A version that doesn't require looping, and uses only four calls to sed. Granted though, my version doesn't check that the two numerics are equal. In fact, the second one is ignored and can even be omitted, as with "Gene Code (91K - Q) D2 fragment, D74F"
. Also the low bound and high bound can appear in either order. If the low bound is greater than the high bound, then the output sequence is reversed.
$ cat foo
#!/usr/bin/env bash
# Script to expand $1 passed as:
# "Gene Code (91K - 91Q) D2 fragment, D74F"
#
# into the output:
#
# Gene Code, 91K, D2 fragment, D74F
# Gene Code, 91L, D2 fragment, D74F
# Gene Code, 91M, D2 fragment, D74F
# Gene Code, 91N, D2 fragment, D74F
# Gene Code, 91O, D2 fragment, D74F
# Gene Code, 91P, D2 fragment, D74F
# Gene Code, 91Q, D2 fragment, D74F
# Copy $1 into FMT_STRING, replacing the " (91K - 91Q)" bit with a ', %s,'
# printf directive, such as 'Gene Code, %s, D2 fragment, D74F':
FMT_STRING="$(sed -e 's/ (.* - .*)/, %s,/' <<< "$1")"
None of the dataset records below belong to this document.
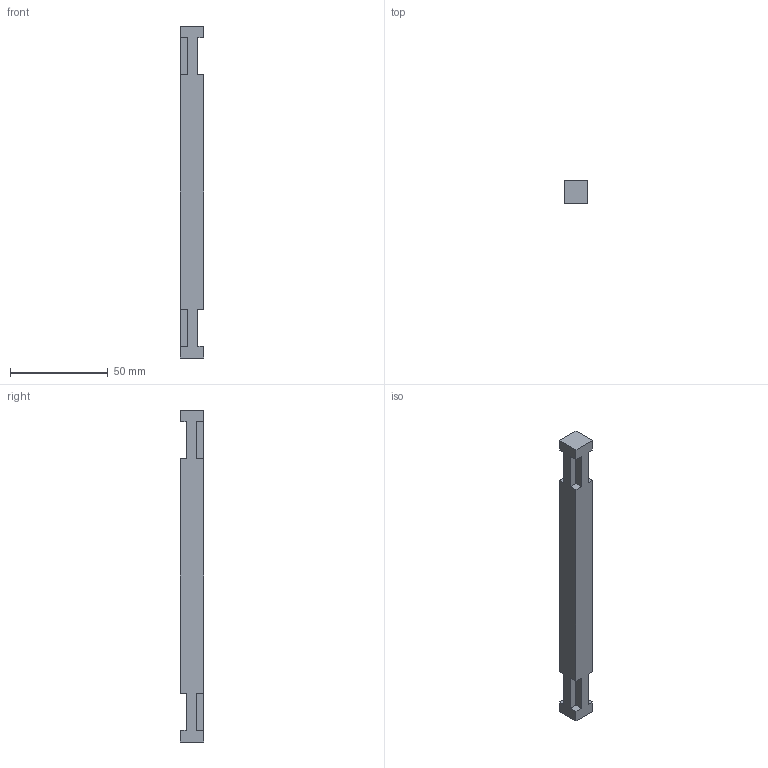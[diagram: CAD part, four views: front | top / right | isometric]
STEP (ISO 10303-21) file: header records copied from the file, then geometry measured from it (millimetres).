
FILE_DESCRIPTION (( 'STEP AP214' ), '1' );
FILE_NAME ('Apex Seal.STEP', '2023-02-26T20:59:08', ( '' ), ( '' ), 'SwSTEP 2.0', 'SolidWorks 2010', '' );
FILE_SCHEMA (( 'AUTOMOTIVE_DESIGN' ));
Length unit declared in the file: millimetre
Products named in the file (1): Apex Seal
Bounding box: 11.82 x 11.82 x 170 mm (x, y, z)
Volume: 20861.1 mm3; surface area: 8171 mm2
Topology: 1 solids, 1 shells, 26 faces, 72 edges, 48 vertices
Faces by surface type: plane 26
Entity records: 850 total; most frequent: CARTESIAN_POINT 147, ORIENTED_EDGE 144, DIRECTION 126, LINE 72, VECTOR 72, EDGE_CURVE 72, VERTEX_POINT 48, AXIS2_PLACEMENT_3D 27

# Parse the beginning and ending bounds and format them with just a
# space between, such as '91K 91Q':
BOUNDS="$(sed -e 's/^[^(]*(\(.*\) - \(.*\)) .*/\1 \2/' <<< "$1")"
# Extract the (first) static numeric part from BOUNDS, e.g. '91'
NUMERIC="$(sed -e 's/[^0-9].*//' <<< "$BOUNDS")"
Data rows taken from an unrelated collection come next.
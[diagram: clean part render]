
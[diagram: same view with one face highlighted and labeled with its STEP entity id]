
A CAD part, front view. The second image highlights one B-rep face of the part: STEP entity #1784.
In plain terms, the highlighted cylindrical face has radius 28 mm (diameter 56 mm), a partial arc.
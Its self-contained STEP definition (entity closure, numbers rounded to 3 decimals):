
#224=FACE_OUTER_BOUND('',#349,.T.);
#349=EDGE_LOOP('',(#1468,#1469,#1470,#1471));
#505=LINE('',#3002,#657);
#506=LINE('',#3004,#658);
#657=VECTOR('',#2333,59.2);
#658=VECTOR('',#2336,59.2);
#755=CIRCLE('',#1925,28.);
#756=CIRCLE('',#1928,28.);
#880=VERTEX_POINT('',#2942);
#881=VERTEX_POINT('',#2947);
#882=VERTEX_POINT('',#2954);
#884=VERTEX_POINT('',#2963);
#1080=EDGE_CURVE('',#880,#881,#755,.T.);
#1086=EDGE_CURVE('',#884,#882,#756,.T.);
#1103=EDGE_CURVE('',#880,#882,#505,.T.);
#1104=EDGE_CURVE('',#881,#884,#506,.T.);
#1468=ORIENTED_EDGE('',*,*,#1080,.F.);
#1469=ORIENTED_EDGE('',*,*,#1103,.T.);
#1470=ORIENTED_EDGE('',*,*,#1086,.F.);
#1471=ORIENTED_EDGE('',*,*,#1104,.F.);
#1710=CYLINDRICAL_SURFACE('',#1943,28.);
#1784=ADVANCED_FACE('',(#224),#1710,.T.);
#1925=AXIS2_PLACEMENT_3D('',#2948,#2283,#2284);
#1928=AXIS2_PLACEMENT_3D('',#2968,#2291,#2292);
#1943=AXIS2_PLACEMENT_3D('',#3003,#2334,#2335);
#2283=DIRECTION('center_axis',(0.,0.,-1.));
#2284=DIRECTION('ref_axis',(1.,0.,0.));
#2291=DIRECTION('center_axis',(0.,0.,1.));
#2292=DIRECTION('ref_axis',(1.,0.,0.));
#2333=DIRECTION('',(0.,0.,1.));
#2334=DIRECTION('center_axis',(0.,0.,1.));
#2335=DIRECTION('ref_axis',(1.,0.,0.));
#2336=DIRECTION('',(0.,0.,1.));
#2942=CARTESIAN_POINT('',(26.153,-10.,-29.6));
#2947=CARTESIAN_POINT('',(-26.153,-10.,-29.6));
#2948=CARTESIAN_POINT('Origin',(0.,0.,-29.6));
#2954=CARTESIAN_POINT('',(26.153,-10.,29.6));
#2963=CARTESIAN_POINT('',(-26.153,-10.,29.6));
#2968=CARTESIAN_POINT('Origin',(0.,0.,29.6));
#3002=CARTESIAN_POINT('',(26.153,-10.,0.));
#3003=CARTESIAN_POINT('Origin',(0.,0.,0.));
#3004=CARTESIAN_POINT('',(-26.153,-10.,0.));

# remove all digits [0-9] from BOUNDS, e.g. 'K Q'
BOUNDS="$(sed -e 's/[0-9]//g' <<< "$BOUNDS")"
FMT_STRING="$(printf "$FMT_STRING" "${NUMERIC}%c")"
jot -w "$FMT_STRING" - $BOUNDS
Sample output:
$ ./foo "Gene Code (737L - 737X) D2 fragment, D74F"
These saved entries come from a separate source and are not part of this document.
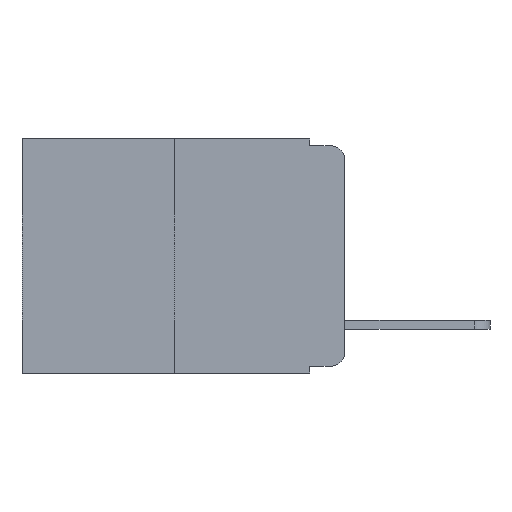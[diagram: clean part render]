
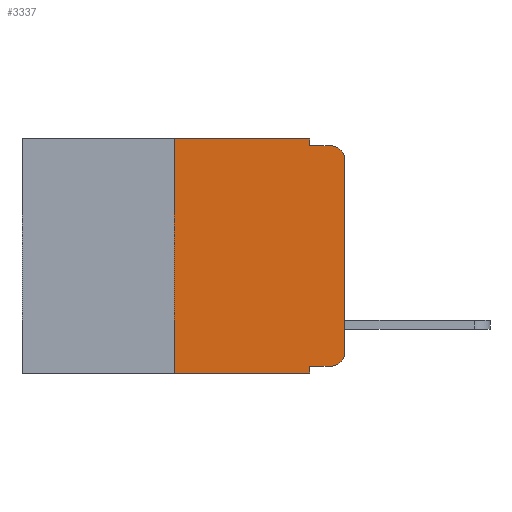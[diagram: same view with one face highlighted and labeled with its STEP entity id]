
A CAD part, left-side view. The second image highlights one B-rep face of the part: STEP entity #3337.
In plain terms, the highlighted planar face has unit normal (-1, 0, 0).
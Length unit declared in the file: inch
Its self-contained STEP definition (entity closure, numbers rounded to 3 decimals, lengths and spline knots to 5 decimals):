
#111 = CARTESIAN_POINT ( 'NONE',  ( 0., 0.25, 0. ) ) ;
#544 = EDGE_CURVE ( 'NONE', #5723, #6874, #6471, .T. ) ;
#552 = AXIS2_PLACEMENT_3D ( 'NONE', #10160, #5682, #5115 ) ;
#623 = CARTESIAN_POINT ( 'NONE',  ( 0., 0.051, -0.343 ) ) ;
#674 = ORIENTED_EDGE ( 'NONE', *, *, #2005, .T. ) ;
#849 = ORIENTED_EDGE ( 'NONE', *, *, #12058, .T. ) ;
#871 = EDGE_CURVE ( 'NONE', #5167, #6872, #4782, .T. ) ;
#987 = CARTESIAN_POINT ( 'NONE',  ( 0., 0.02, -0.333 ) ) ;
#1253 = DIRECTION ( 'NONE',  ( 0., 0., -1. ) ) ;
#1290 = CARTESIAN_POINT ( 'NONE',  ( 0., 0.051, 0. ) ) ;
#1555 = VERTEX_POINT ( 'NONE', #623 ) ;
#1579 = AXIS2_PLACEMENT_3D ( 'NONE', #4011, #3997, #3983 ) ;
#2005 = EDGE_CURVE ( 'NONE', #6804, #5723, #5980, .T. ) ;
#2106 = DIRECTION ( 'NONE',  ( -1., 0., 0. ) ) ;
#2206 = CARTESIAN_POINT ( 'NONE',  ( 0., 0.02, -0.313 ) ) ;
#2241 = CARTESIAN_POINT ( 'NONE',  ( 0., 0.051, -0.01 ) ) ;
#2243 = CARTESIAN_POINT ( 'NONE',  ( 0., 0.02, -0.01 ) ) ;
#2245 = CARTESIAN_POINT ( 'NONE',  ( 0., 0., -0.313 ) ) ;
#2327 = DIRECTION ( 'NONE',  ( 0., 0., -1. ) ) ;
#2369 = LINE ( 'NONE', #1290, #11943 ) ;
#2484 = ORIENTED_EDGE ( 'NONE', *, *, #7536, .F. ) ;
#2817 = CARTESIAN_POINT ( 'NONE',  ( 0., 0., -0.03 ) ) ;
#3334 = CARTESIAN_POINT ( 'NONE',  ( 0., 0.051, 0. ) ) ;
#3337 = ADVANCED_FACE ( 'NONE', ( #6093 ), #9390, .F. ) ;
#3340 = VECTOR ( 'NONE', #6743, 39.37008 ) ;
#3590 = ORIENTED_EDGE ( 'NONE', *, *, #544, .T. ) ;
#3688 = CARTESIAN_POINT ( 'NONE',  ( 0., 0.051, -0.333 ) ) ;
#3815 = DIRECTION ( 'NONE',  ( 0., -1., 0. ) ) ;
#3983 = DIRECTION ( 'NONE',  ( 0., 0., -1. ) ) ;
#3997 = DIRECTION ( 'NONE',  ( -1., 0., 0. ) ) ;
#4005 = VECTOR ( 'NONE', #8190, 39.37008 ) ;
#4011 = CARTESIAN_POINT ( 'NONE',  ( 0., 0.02, -0.03 ) ) ;
#4137 = VERTEX_POINT ( 'NONE', #111 ) ;
#4289 = ORIENTED_EDGE ( 'NONE', *, *, #9673, .F. ) ;
#4600 = LINE ( 'NONE', #8678, #9567 ) ;
#4728 = VECTOR ( 'NONE', #9399, 39.37008 ) ;
#4742 = CARTESIAN_POINT ( 'NONE',  ( 0., 0., 0. ) ) ;
#4782 = LINE ( 'NONE', #2241, #11718 ) ;
#5033 = ORIENTED_EDGE ( 'NONE', *, *, #6221, .F. ) ;
#5115 = DIRECTION ( 'NONE',  ( 0., 0., -1. ) ) ;
#5167 = VERTEX_POINT ( 'NONE', #6356 ) ;
#5679 = ORIENTED_EDGE ( 'NONE', *, *, #11377, .T. ) ;
#5682 = DIRECTION ( 'NONE',  ( 1., 0., 0. ) ) ;
#5723 = VERTEX_POINT ( 'NONE', #987 ) ;
#5794 = ORIENTED_EDGE ( 'NONE', *, *, #871, .F. ) ;
#5921 = ORIENTED_EDGE ( 'NONE', *, *, #10532, .F. ) ;
#5977 = ORIENTED_EDGE ( 'NONE', *, *, #10179, .T. ) ;
#5980 = LINE ( 'NONE', #7437, #3340 ) ;
#6093 = FACE_OUTER_BOUND ( 'NONE', #10259, .T. ) ;
#6221 = EDGE_CURVE ( 'NONE', #10287, #5167, #10025, .T. ) ;
#6356 = CARTESIAN_POINT ( 'NONE',  ( 0., 0.051, -0.01 ) ) ;
#6471 = CIRCLE ( 'NONE', #11920, 0.02 ) ;
#6743 = DIRECTION ( 'NONE',  ( 0., -1., 0. ) ) ;
#6804 = VERTEX_POINT ( 'NONE', #3688 ) ;
#6872 = VERTEX_POINT ( 'NONE', #2243 ) ;
#6874 = VERTEX_POINT ( 'NONE', #2245 ) ;
#7331 = VECTOR ( 'NONE', #10794, 39.37008 ) ;
#7437 = CARTESIAN_POINT ( 'NONE',  ( 0., 0.051, -0.333 ) ) ;
#7486 = LINE ( 'NONE', #8321, #4005 ) ;
#7488 = VERTEX_POINT ( 'NONE', #8446 ) ;
#7536 = EDGE_CURVE ( 'NONE', #7488, #4137, #7486, .T. ) ;
#7865 = DIRECTION ( 'NONE',  ( 0., -1., 0. ) ) ;
#8180 = CARTESIAN_POINT ( 'NONE',  ( 0., 0.473, 0. ) ) ;
#8190 = DIRECTION ( 'NONE',  ( 0., 0., 1. ) ) ;
#8321 = CARTESIAN_POINT ( 'NONE',  ( 0., 0.25, 0. ) ) ;
#8446 = CARTESIAN_POINT ( 'NONE',  ( 0., 0.25, -0.343 ) ) ;
#8584 = CIRCLE ( 'NONE', #1579, 0.02 ) ;
#8678 = CARTESIAN_POINT ( 'NONE',  ( 0., 0.473, -0.343 ) ) ;
#9317 = VECTOR ( 'NONE', #7865, 39.37008 ) ;
#9390 = PLANE ( 'NONE',  #552 ) ;
#9399 = DIRECTION ( 'NONE',  ( 0., 0., 1. ) ) ;
#9567 = VECTOR ( 'NONE', #12148, 39.37008 ) ;
#9673 = EDGE_CURVE ( 'NONE', #4137, #10287, #11592, .T. ) ;
#9687 = LINE ( 'NONE', #4742, #4728 ) ;
#10025 = LINE ( 'NONE', #10914, #7331 ) ;
#10160 = CARTESIAN_POINT ( 'NONE',  ( 0., 0.473, 0. ) ) ;
#10179 = EDGE_CURVE ( 'NONE', #12096, #6872, #8584, .T. ) ;
#10259 = EDGE_LOOP ( 'NONE', ( #849, #5977, #5794, #5033, #4289, #2484, #5679, #5921, #674, #3590 ) ) ;
#10287 = VERTEX_POINT ( 'NONE', #3334 ) ;
#10532 = EDGE_CURVE ( 'NONE', #6804, #1555, #2369, .T. ) ;
#10794 = DIRECTION ( 'NONE',  ( 0., 0., -1. ) ) ;
#10914 = CARTESIAN_POINT ( 'NONE',  ( 0., 0.051, 0. ) ) ;
#11377 = EDGE_CURVE ( 'NONE', #7488, #1555, #4600, .T. ) ;
#11592 = LINE ( 'NONE', #8180, #9317 ) ;
#11718 = VECTOR ( 'NONE', #3815, 39.37008 ) ;
#11920 = AXIS2_PLACEMENT_3D ( 'NONE', #2206, #2106, #2327 ) ;
#11943 = VECTOR ( 'NONE', #1253, 39.37008 ) ;
#12058 = EDGE_CURVE ( 'NONE', #6874, #12096, #9687, .T. ) ;
#12096 = VERTEX_POINT ( 'NONE', #2817 ) ;
#12148 = DIRECTION ( 'NONE',  ( 0., -1., 0. ) ) ;

Gene Code, 737L, D2 fragment, D74F
Gene Code, 737M, D2 fragment, D74F
Gene Code, 737N, D2 fragment, D74F
Gene Code, 737O, D2 fragment, D74F
Gene Code, 737P, D2 fragment, D74F
Gene Code, 737Q, D2 fragment, D74F
Gene Code, 737R, D2 fragment, D74F
Gene Code, 737S, D2 fragment, D74F
Gene Code, 737T, D2 fragment, D74F
Gene Code, 737U, D2 fragment, D74F
Gene Code, 737V, D2 fragment, D74F
Gene Code, 737W, D2 fragment, D74F
Gene Code, 737X, D2 fragment, D74F
Reversing the bounds reverses the output:
$ ./foo "Gene Code (737X - 737L) D2 fragment, D74F"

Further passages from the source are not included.